The foreman went to the mine office and discussed the incident with the superintendent and two union representatives. The group decided to meet with Holcomb the following morning to resolve the problem. On the morning of November 8, 1985, the foreman, accompanied by two union representatives, drove to Holcomb's work site. They requested Holcomb to accompany them to the mine office for a meeting. Holcomb jumped off of his bulldozer and invited the foreman to "go at it" and "settle it right now." The foreman and union representatives returned to the mine office and related the incident to the superintendent. The superintendent directed the union representatives and two other foremen to urge Holcomb to attend the meeting. The union representatives spoke with Holcomb separately for more than twenty minutes, but Holcomb refused to attend the meeting. The group returned to the mine office without Holcomb.

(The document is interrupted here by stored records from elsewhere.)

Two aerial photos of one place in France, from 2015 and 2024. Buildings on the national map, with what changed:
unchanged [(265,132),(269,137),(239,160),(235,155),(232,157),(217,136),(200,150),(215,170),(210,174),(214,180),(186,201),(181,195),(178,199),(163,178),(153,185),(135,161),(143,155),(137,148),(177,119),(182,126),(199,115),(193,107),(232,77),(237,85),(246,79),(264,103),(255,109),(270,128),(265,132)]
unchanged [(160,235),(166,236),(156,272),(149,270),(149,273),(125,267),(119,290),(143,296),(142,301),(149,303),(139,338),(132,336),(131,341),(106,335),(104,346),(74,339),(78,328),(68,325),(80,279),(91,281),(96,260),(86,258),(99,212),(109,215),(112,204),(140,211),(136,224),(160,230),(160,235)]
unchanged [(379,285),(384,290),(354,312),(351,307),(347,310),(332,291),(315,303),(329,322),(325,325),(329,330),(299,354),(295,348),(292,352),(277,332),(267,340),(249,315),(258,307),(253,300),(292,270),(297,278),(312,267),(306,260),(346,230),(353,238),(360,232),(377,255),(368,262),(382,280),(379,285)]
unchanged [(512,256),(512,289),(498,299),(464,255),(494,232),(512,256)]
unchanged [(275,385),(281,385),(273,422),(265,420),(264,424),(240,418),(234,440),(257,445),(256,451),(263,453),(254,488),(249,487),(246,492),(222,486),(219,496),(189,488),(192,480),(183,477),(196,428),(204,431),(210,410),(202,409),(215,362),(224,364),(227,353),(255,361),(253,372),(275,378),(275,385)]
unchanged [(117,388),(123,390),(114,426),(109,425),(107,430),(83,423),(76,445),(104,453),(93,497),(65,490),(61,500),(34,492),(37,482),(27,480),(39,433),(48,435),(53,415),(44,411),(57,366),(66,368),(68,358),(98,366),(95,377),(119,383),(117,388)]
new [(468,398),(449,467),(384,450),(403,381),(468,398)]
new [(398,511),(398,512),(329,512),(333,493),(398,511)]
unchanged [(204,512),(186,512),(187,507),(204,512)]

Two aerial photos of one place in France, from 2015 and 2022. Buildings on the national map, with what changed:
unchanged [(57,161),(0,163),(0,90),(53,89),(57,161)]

The superintendent then placed a telephone call to the District 17 union field representative and told him about the problem. After speaking with the local representatives, the district representative asked the superintendent to grant Holcomb one more chance to attend the meeting. Two union representatives and two foremen again went to see Holcomb at the work site. Again they urged him to attend the meeting. They related to him that the district union representative said he should attend the meeting. When Holcomb refused, one of the foreman ordered Holcomb to attend the meeting. Holcomb's immediate foreman explained to him that if he did not attend the meeting, he would be suspended subject to discharge. Holcomb refused to attend the meeting and demanded his suspension in writing. The superintendent wrote a letter of suspension with intent to discharge, which was delivered to Holcomb.

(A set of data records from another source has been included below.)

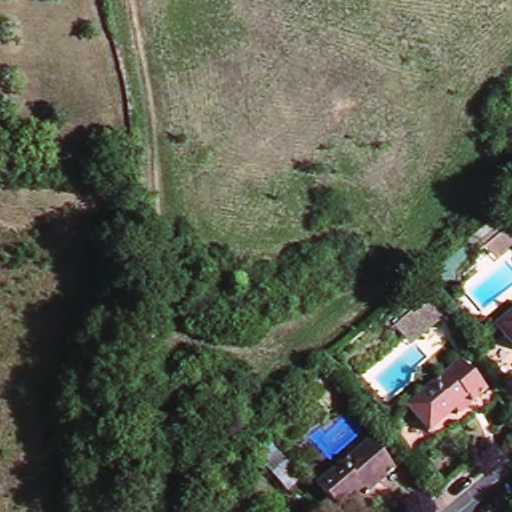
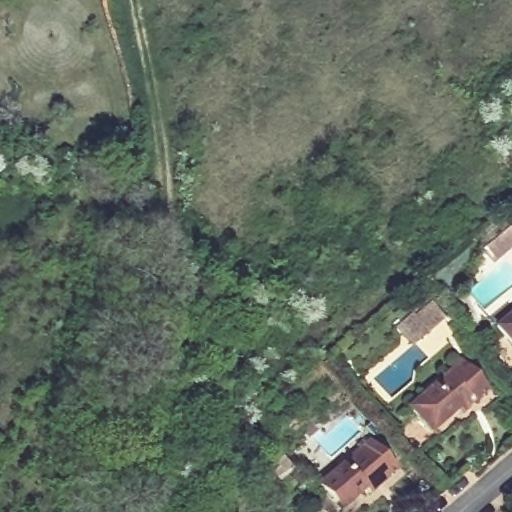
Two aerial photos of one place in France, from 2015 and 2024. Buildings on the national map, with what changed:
unchanged [(486,253),(512,232),(512,251),(496,264),(486,253)]
unchanged [(394,327),(410,313),(414,316),(430,303),(444,318),(415,343),(411,346),(394,327)]
unchanged [(512,315),(512,351),(495,329),(512,315)]
unchanged [(484,394),(472,403),(467,398),(461,403),(466,409),(459,416),(454,411),(427,434),(407,411),(461,365),(484,394)]
unchanged [(446,441),(469,467),(439,492),(418,467),(446,441)]
unchanged [(392,472),(380,482),(375,478),(369,483),(374,489),(367,495),(363,490),(337,512),(315,487),(367,442),(392,472)]
unchanged [(418,467),(439,492),(416,512),(411,512),(392,490),(418,467)]

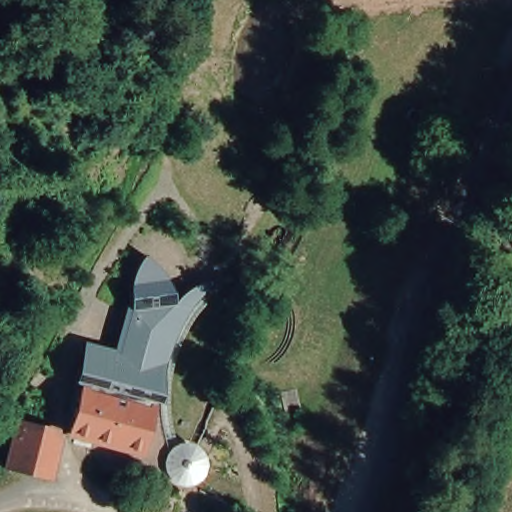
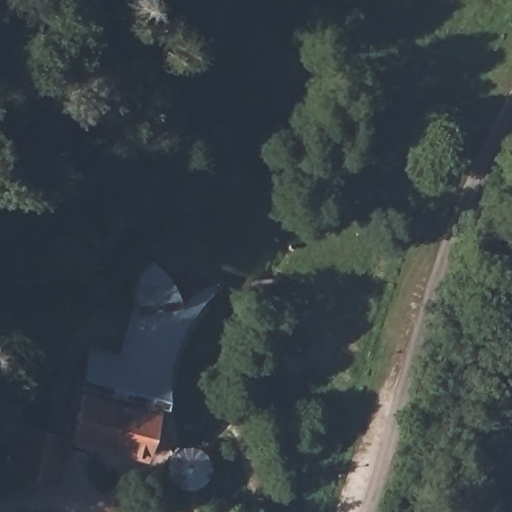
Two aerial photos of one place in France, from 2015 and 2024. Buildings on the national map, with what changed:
unchanged [(77,375),(83,342),(113,349),(134,274),(136,267),(144,257),(153,265),(164,277),(171,290),(173,303),(189,287),(201,280),(216,280),(192,305),(179,325),(170,355),(166,366),(160,397),(77,375)]
unchanged [(63,442),(76,390),(153,406),(141,459),(63,442)]
unchanged [(2,472),(13,422),(63,432),(52,483),(2,472)]
unchanged [(202,487),(197,490),(189,491),(180,490),(172,486),(165,477),(163,467),(166,457),(169,449),(181,445),(189,444),(198,446),(204,452),(209,460),(209,471),(206,481),(202,487)]

Holcomb grieved pursuant to the National Bituminous Coal Wage Agreement of 1984 ("Wage Agreement"), stating that he was unjustly discharged. The matter proceeded to arbitration. During arbitration, the union argued that Holcomb did not attend the meeting because "the work place was a hostile environment and [he] felt that he should not have to go to a meeting with so many supervisors and people as he was afraid for his own safety." The arbitrator considered a number of "just cause concepts in discipline" presented by the union and decided that Colony Bay had complied with each item. The arbitrator was then left with the final question "whether the conduct of the employee was defensible and the discipline penalty just?." The arbitrator determined that Holcomb's conduct was unacceptable and it was his responsibility to follow the directions of his supervisors and grieve later. Therefore, the arbitrator determined that Holcomb's conduct was insubordinate and that termination was an appropriate penalty under the guidelines of the Wage Agreement.

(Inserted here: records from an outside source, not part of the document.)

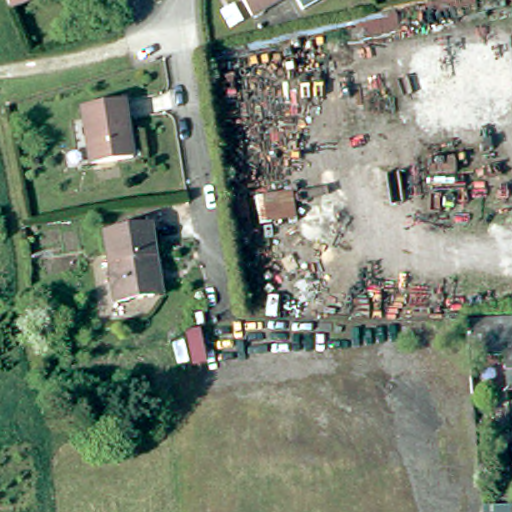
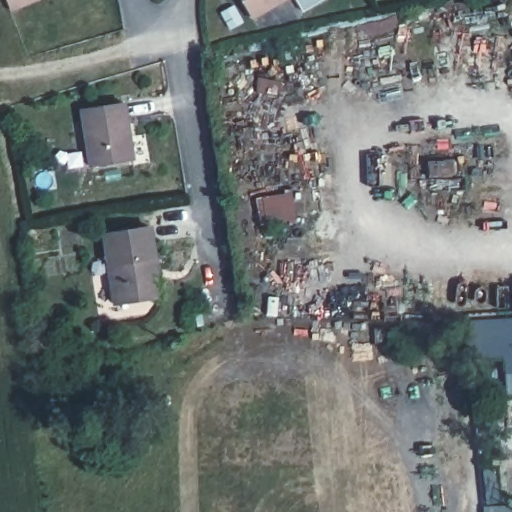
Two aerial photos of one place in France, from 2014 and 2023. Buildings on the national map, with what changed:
unchanged [(8,0),(32,0),(11,8),(8,0)]
unchanged [(282,0),(252,18),(240,0),(282,0)]
unchanged [(90,164),(84,106),(125,101),(133,159),(90,164)]
unchanged [(159,296),(118,302),(108,233),(155,226),(160,258),(165,295),(159,296)]
unchanged [(469,360),(466,322),(512,319),(512,388),(510,357),(469,360)]

Holcomb argues that the district union representative never met with him during the preparation stages prior to arbitration in an attempt to resolve the grievance or discuss strategy concerning the arbitration. This forms the basis for Holcomb's complaint that the union "arbitrarily, capriciously and in bad-faith breached their duty to fully and fairly represent [him] at the arbitration proceeding." The union asserts that Holcomb was represented adequately at the arbitration hearing by District 17.

On February 26, 1986, after his grievance was denied by the arbitrator, Holcomb filed a complaint with the MSHA alleging that his discharge resulted from activities protected by Sec. 105(c) of the Federal Mine Safety and Health Act of 1977. Holcomb alleged that he had been the victim of a continual pattern of discrimination because of his safety concerns, which culminated in his unjust termination. When Holcomb received notice of the hearing on his MSHA complaint, he sought assistance from District 17's legal counsel. District 17's counsel reviewed Holcomb's case and informed Holcomb that he could not take the case forward because, in his judgment, it could not be won. Several union representatives attended the MSHA hearing with Holcomb, but Holcomb did not ask them to testify.